Efficacy and Safety of Clindamycin Phosphate 1.2%/Adapalene 0.15%/Benzoyl Peroxide 3.1% Gel in Females with Moderate to Severe Acne: Post Hoc Analysis by Age

Main Article Content

Julie Harper
Linda Stein Gold
Hilary Baldwin
Valerie Callender
Michael Gold
Heather Woolery-Lloyd
Leon Kircik

Keywords

clindamycin phosphate, adapalene, benzoyl peroxide, acne vulgaris, females, age, efficacy, safety

Abstract

Introduction: While acne is common in adolescents, the overall prevalence in adults is increasing, especially among females. In addition, acne in older females is associated with greater negative impacts on quality of life. Clindamycin phosphate 1.2%/adapalene 0.15%/benzoyl peroxide (BPO) 3.1% (CAB) gel—the first fixed-dose, triple-combination topical product approved for acne—has demonstrated good efficacy, safety, and tolerability in participants with moderate-to-severe acne. The objective of this analysis is to assess the impact of age on efficacy, safety, and tolerability in females with moderate-to-severe acne.


Methods: In one phase 2 (N=741; NCT03170388) and two identically designed phase 3 (N=183; N=180; NCT04214639; NCT04214652), double-blind, randomized, 12-week studies, participants aged ≥9 years with moderate-to-severe acne were randomized to receive once-daily CAB or vehicle gel; the phase 2 study included three additional dyad randomization arms (data not shown).

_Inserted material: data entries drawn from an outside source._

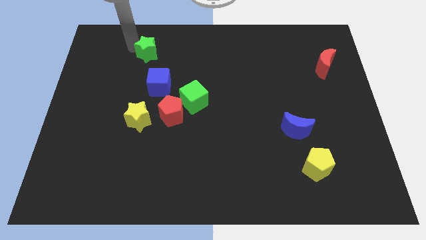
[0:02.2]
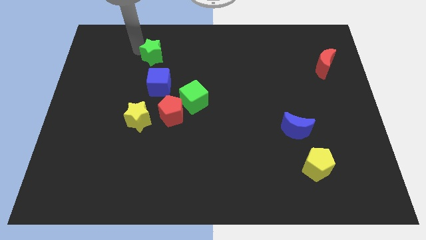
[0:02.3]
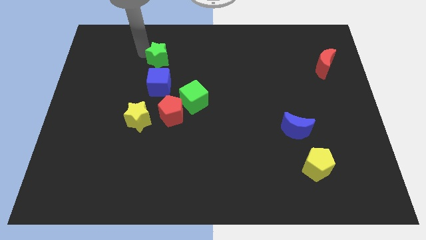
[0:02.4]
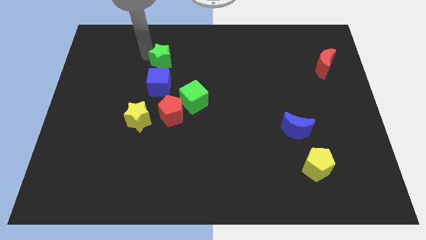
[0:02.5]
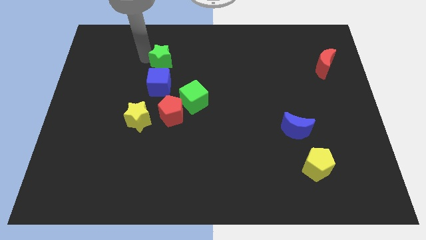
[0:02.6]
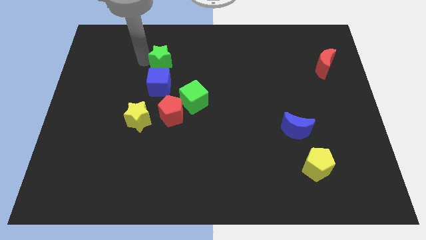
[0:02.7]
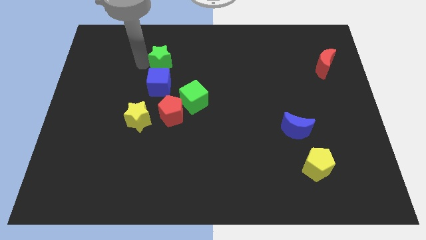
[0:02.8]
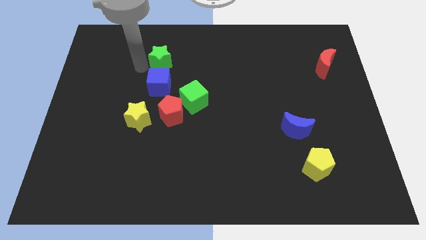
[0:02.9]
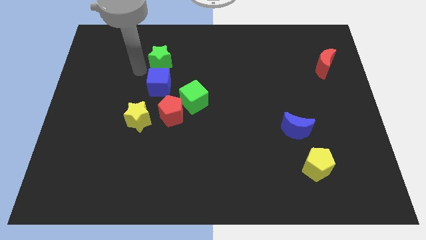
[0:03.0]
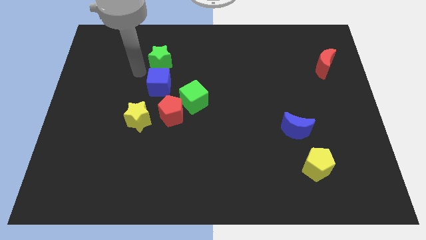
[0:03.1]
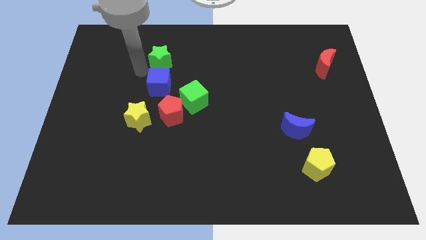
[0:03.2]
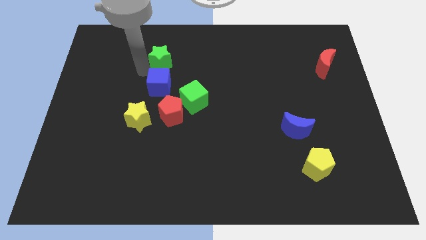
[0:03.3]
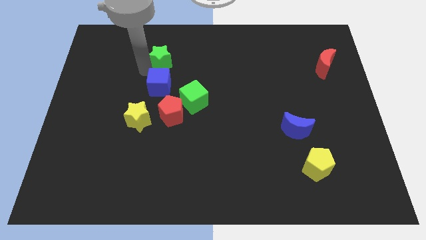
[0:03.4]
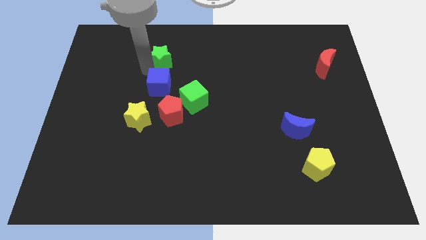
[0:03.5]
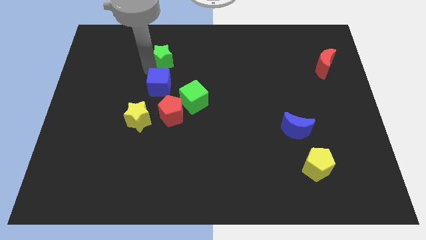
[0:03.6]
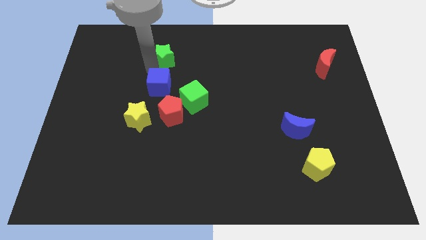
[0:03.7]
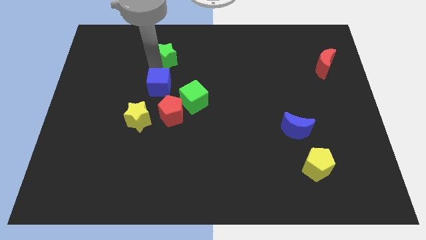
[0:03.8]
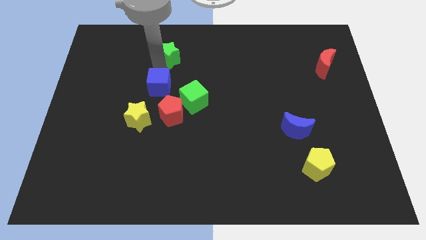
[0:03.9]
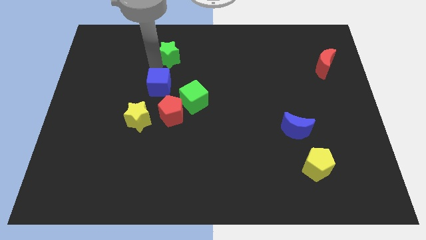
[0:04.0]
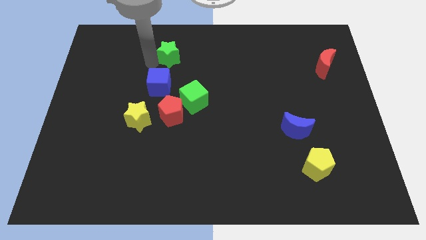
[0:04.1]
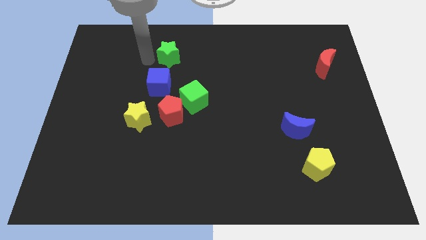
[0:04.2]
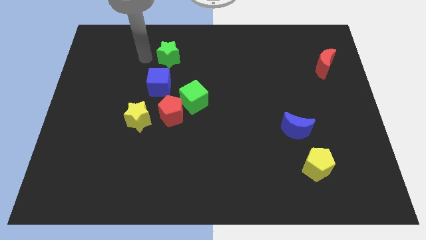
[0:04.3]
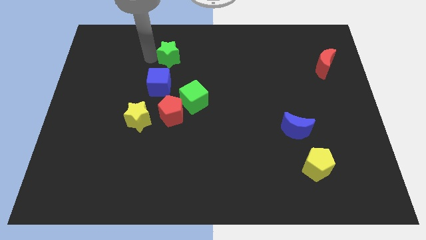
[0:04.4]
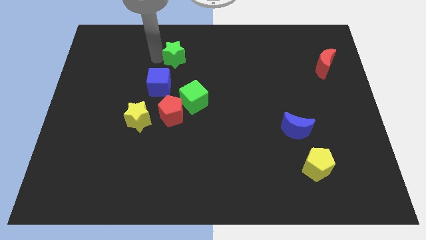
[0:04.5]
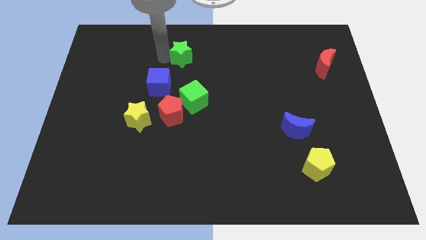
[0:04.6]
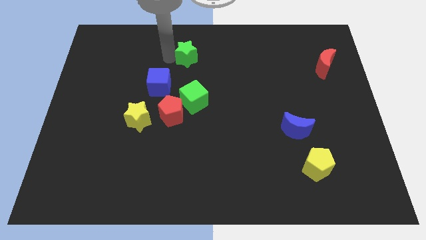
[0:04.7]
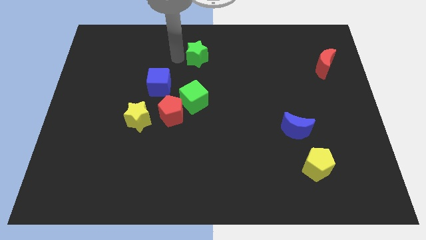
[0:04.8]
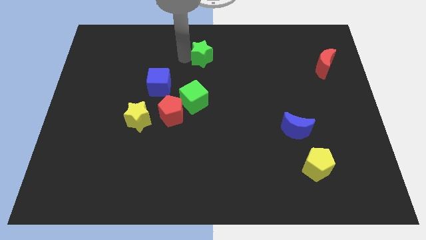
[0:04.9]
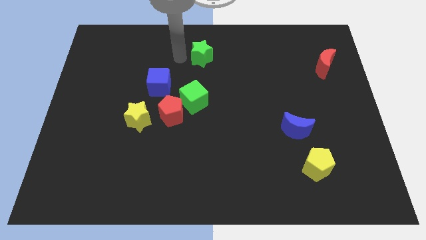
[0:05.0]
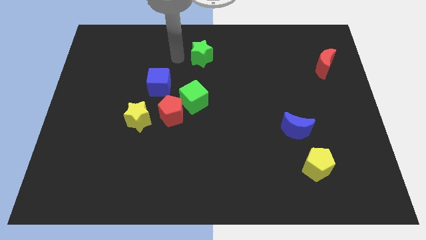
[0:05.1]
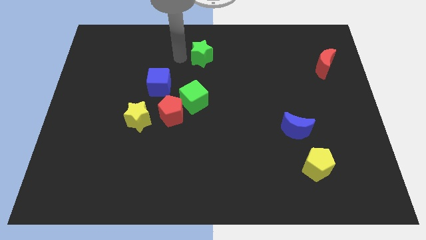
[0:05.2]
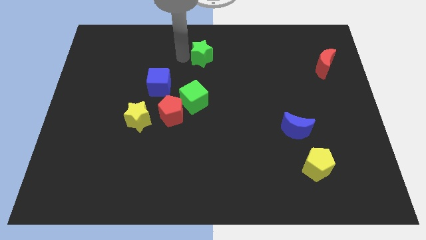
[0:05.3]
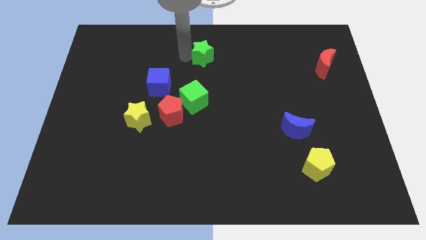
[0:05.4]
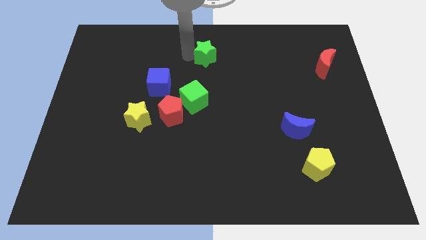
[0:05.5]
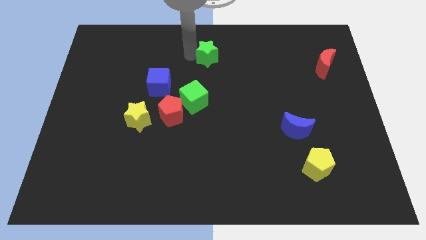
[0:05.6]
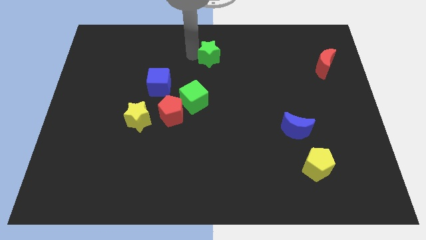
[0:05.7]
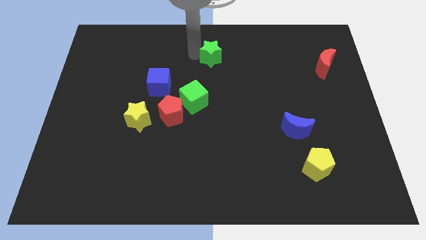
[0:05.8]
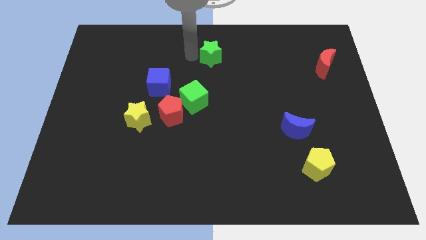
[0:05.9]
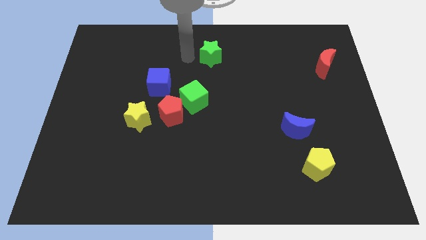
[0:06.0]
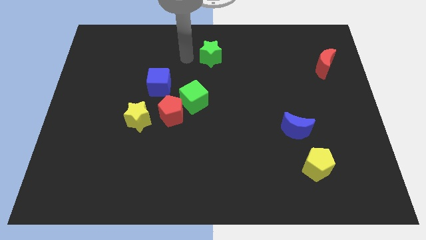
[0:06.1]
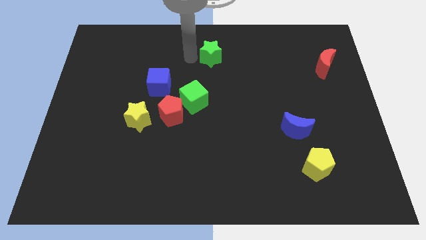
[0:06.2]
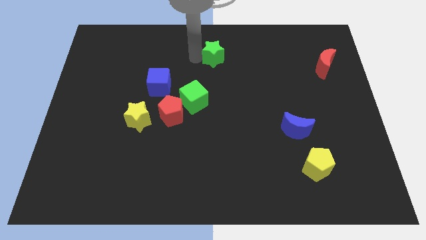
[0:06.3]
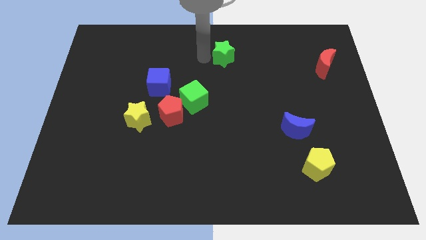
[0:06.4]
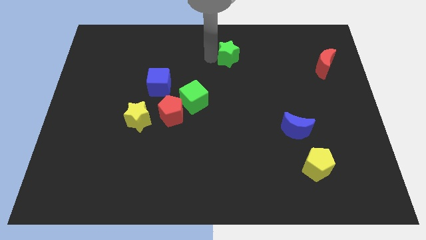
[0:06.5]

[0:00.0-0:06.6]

Coprimary endpoints comprised inflammatory and noninflammatory lesion counts and treatment success (≥2-grade reduction from baseline in Evaluator’s Global Severity Score and score of ‘clear’ or ‘almost clear’). Treatment-emergent adverse events (TEAEs) and cutaneous safety and tolerability were also assessed. Pooled data from these studies were analyzed post hoc from female participants categorized by age: 9-24 years (n=274) and ≥25 years (n=121).


Results: At week 12 in both age groups, least-squares mean percent reductions from baseline were >70% in CAB-treated females versus vehicle gel for inflammatory (9-24 y: 77.8% vs 53.8%; ≥25 y: 77.8% vs 60.5%; P<0.01, both) and noninflammatory lesions (9-24 y: 72.8% vs 44.5%; ≥25 y: 73.7% vs 55.2%; P<0.001, both). Half of CAB-treated females in both age groups achieved treatment success at week 12 versus less than one-quarter with vehicle (9-24 y: 54.1% vs 15.6%; ≥25 y: 50.1% vs 22.5%; P<0.01, both). Most TEAEs were mild-to-moderate in severity, with rates similar to the overall pooled phase 2 and 3 populations. Although there were transient increases in the severity of cutaneous safety/tolerability assessments with CAB, scores generally returned to or near baseline levels for most assessments by week 12 in younger and older females. No notable age-related trends in safety were observed.


Conclusions: With greater than 70% lesion reductions and half of participants achieving treatment success by week 12, the innovative, fixed-dose triple combination clindamycin phosphate 1.2%/adapalene 0.15%/BPO 3.1% gel demonstrated good efficacy, safety, and tolerability in both younger and older females with moderate-to-severe acne.